Par ailleurs, et toujours selon l'étude, 93% des sondés s'estiment très attachés à la Grande-Bretagne, alors que quasiment la moitié des répondants déclarent qu'ils ne dénonceraient pas un proche s'il était proche des thèses djihadistes. Comment analysez-vous ce paradoxe ?

C’est l’expression même des contradictions du multiculturalisme et de la bombe à retardement qu’il représente. La Grande-Bretagne cultive l’ambiguïté. Cette adhésion n’est jamais que celle à un modèle de séparation ethnico-religieux, qui a abouti à la reconnaissance d’un droit à géométrie variable par le juge anglais selon la logique communautaire, avec des tribunaux islamiques dans le pays qui font flores, par voie de conséquence un droit matrimoniale fondée sur les principes de la charia qui y est toléré, et un délit de blasphème toujours dans la loi qui borde le tout. Une adhésion de façade qui cache mal la rupture entre des cultures et des mentalités, et conduit à cette attitude pointée dans l’enquête, qui consiste pour près d’un musulman britannique sur deux, à ne pas vouloir dénoncer  quelqu'un qu'il connaitrait, d’impliqué avec des partisans du terrorisme en Syrie. Ce qui d’ailleurs indique une progression au regard d’études précédentes.

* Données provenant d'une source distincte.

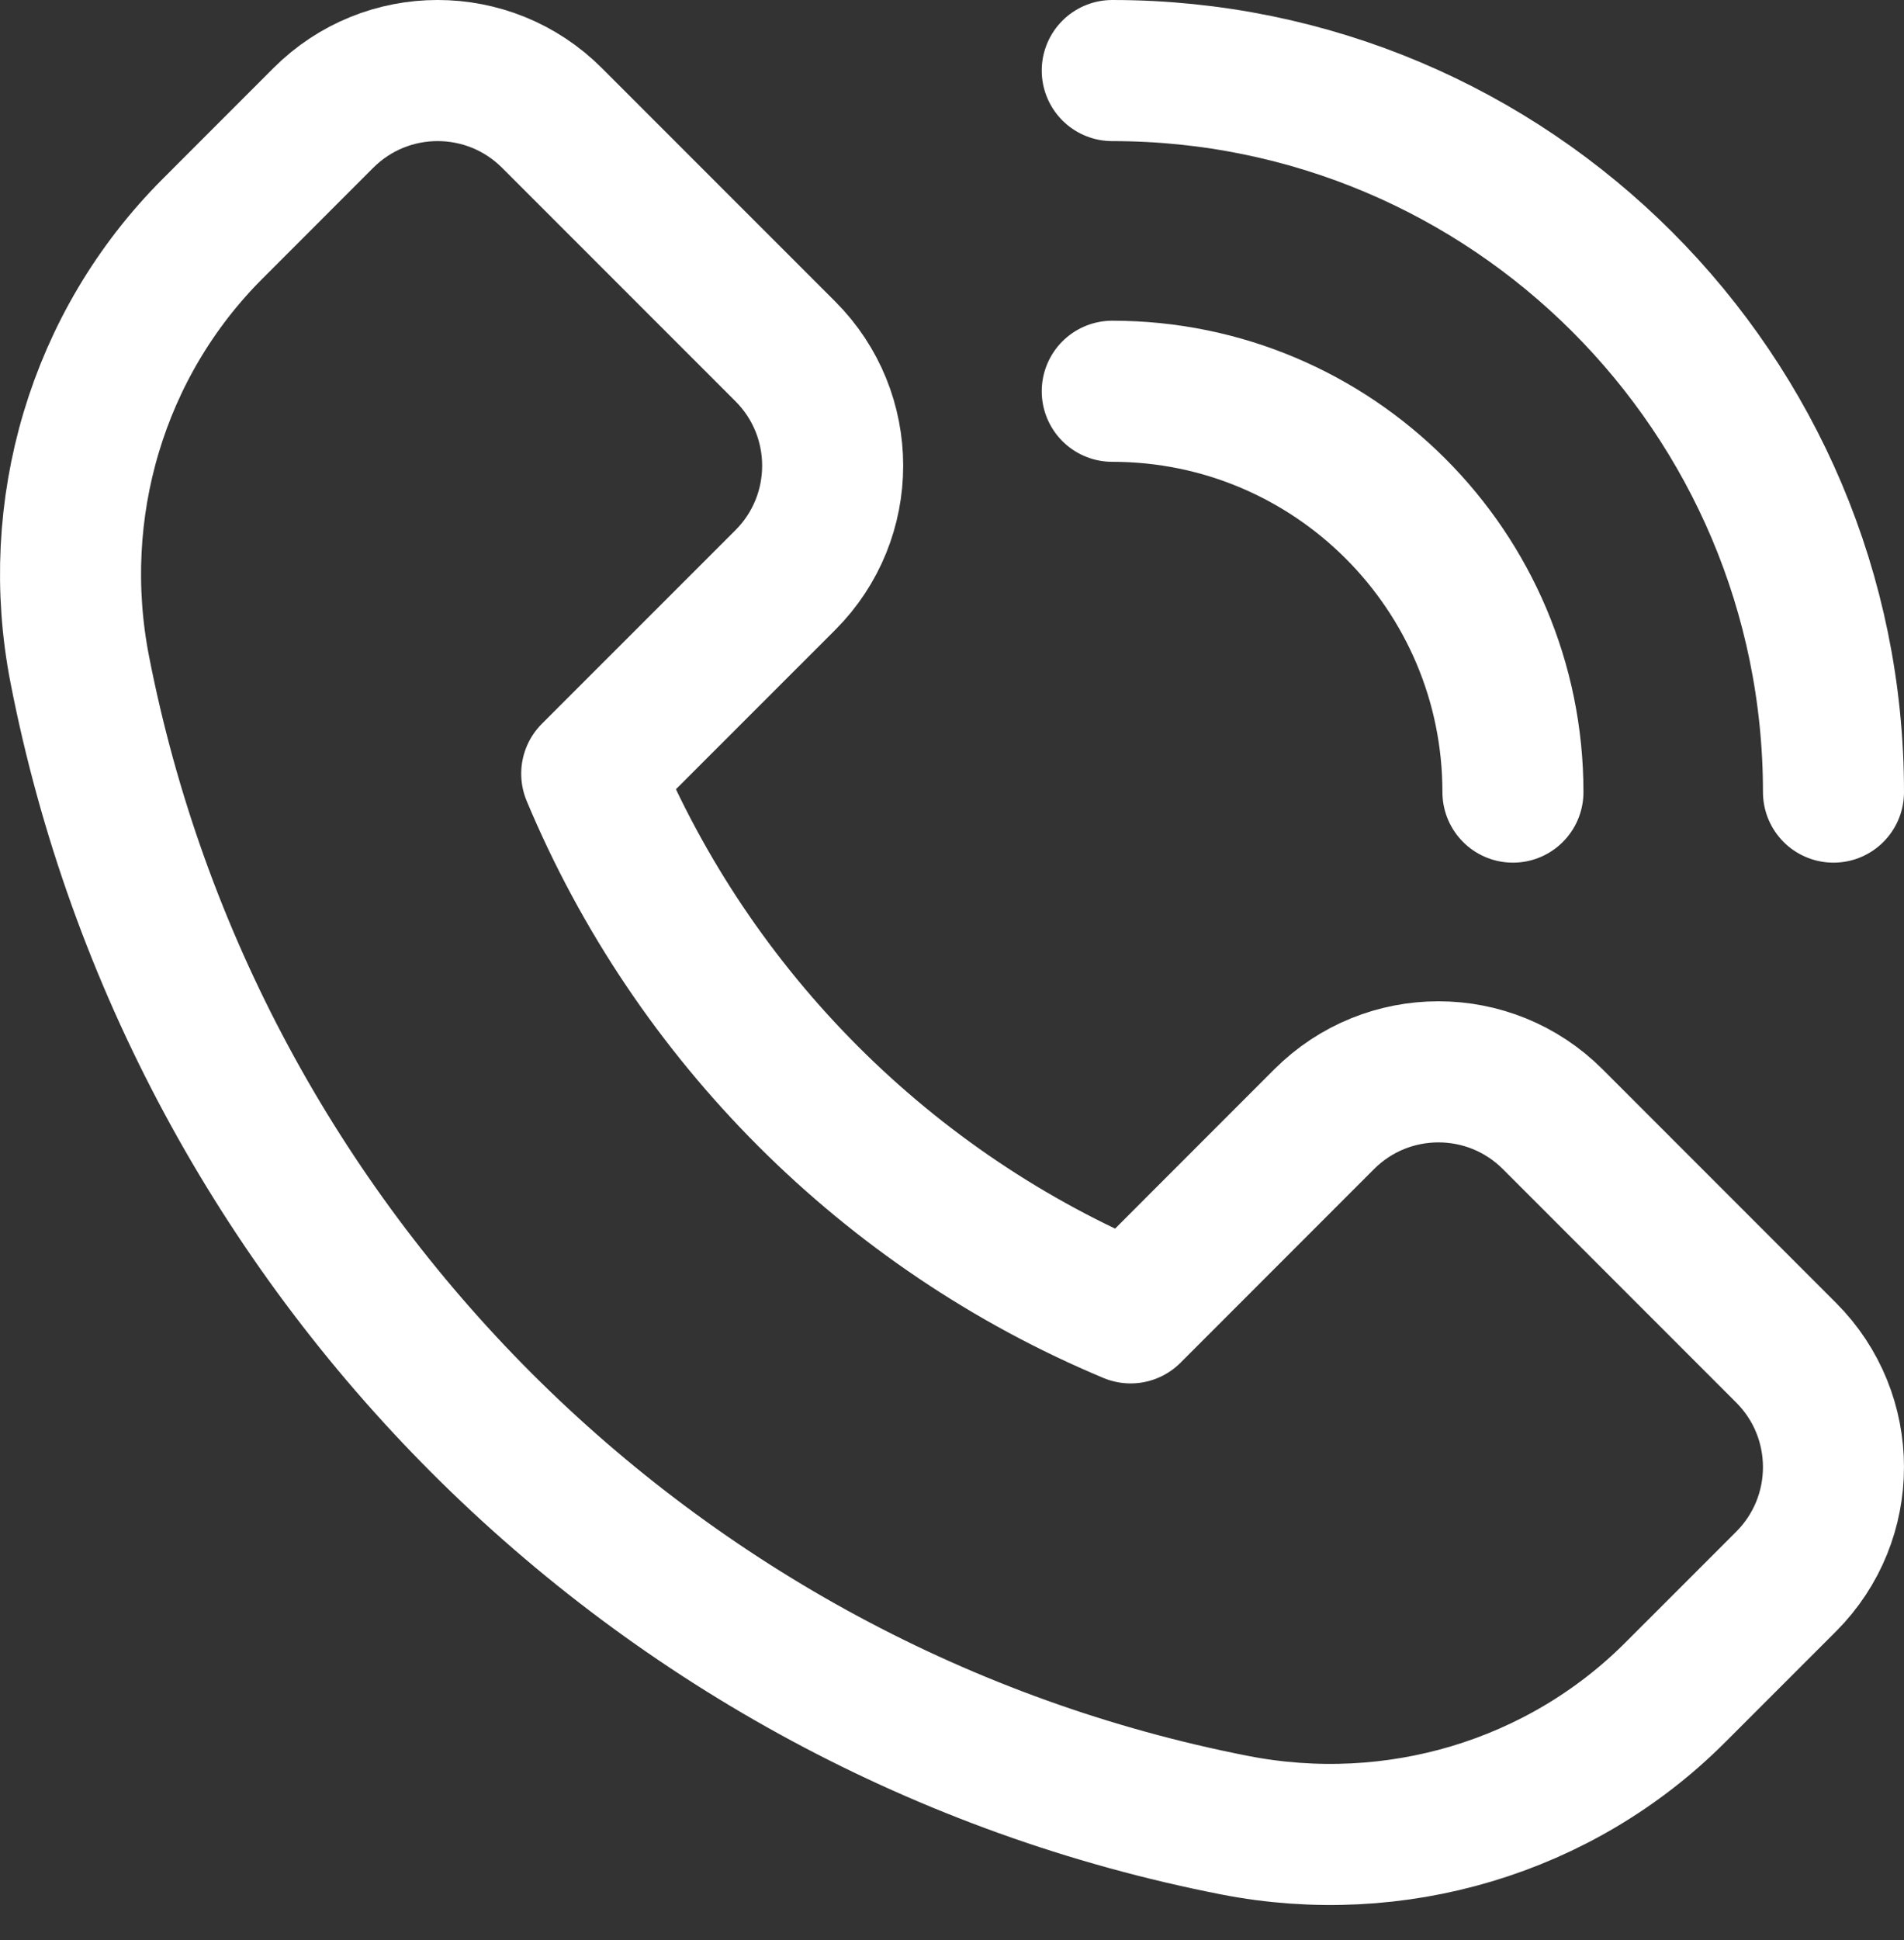 <svg width="54" height="55" viewBox="0 0 54 55" fill="none" xmlns="http://www.w3.org/2000/svg">
<rect x="0" y="0" width="54" height="55" fill="#333333" stroke="none"/>
<path fill-rule="evenodd" clip-rule="evenodd" d="M50.657 38.346L44.038 31.727C42.248 29.936 39.345 29.936 37.554 31.727L32.066 37.216C25.177 34.336 19.661 28.82 16.782 21.932L22.273 16.443C24.063 14.652 24.063 11.75 22.273 9.961L15.654 3.343C13.863 1.552 10.961 1.552 9.17 3.343L6.025 6.489C2.757 9.757 1.377 14.445 2.263 18.982C5.484 35.482 18.518 48.516 35.018 51.739C39.554 52.625 44.243 51.245 47.511 47.977L50.659 44.83C52.447 43.039 52.447 40.136 50.657 38.346Z" stroke="white" stroke-width="4" stroke-linecap="round" stroke-linejoin="round"/>
<path d="M31.545 2C42.843 2 52 11.157 52 22.454" stroke="white" stroke-width="4" stroke-linecap="round" stroke-linejoin="round"/>
<path d="M31.545 11.091C37.82 11.091 42.909 16.18 42.909 22.454" stroke="white" stroke-width="4" stroke-linecap="round" stroke-linejoin="round"/>
</svg>

La présentation qui a été faite par les médias de l’élection de Sadiq Khan à la tête de la capitale britannique, député musulman, défenseur du bizness et du voile, comme une révolution, est le parfait reflet de ces contradictions que l’on refuse de voir. On a abusé de la crédulité du citoyen anglais, pour faire croire au mythe d’un capitalisme par lequel on adoucirait les mœurs, tout en laissant chacun vivre sur le mode qui lui convient, jusqu’à ces mises à part qui en viennent à normaliser de faire passer la religion avant la loi civile. Il n’y a pas à douter que cela prépare encore des réveils douloureux.

On voit bien que l’adhésion à ce modèle britannique n’a rien à voir avec l’adhésion aux valeurs attachés à la démocratie et à la modernité sociétale. Selon ce sondage, deux britanniques musulmans sur cinq seraient favorables à l'introduction de la charia dans le pays.  Il a également révélé que  40 % étaient en faveur de classes où on pratique la ségrégation sexuelle, tandis que 44 % pensent que les écoles devraient être en mesure de forcer les filles à porter la robe islamique traditionnelle.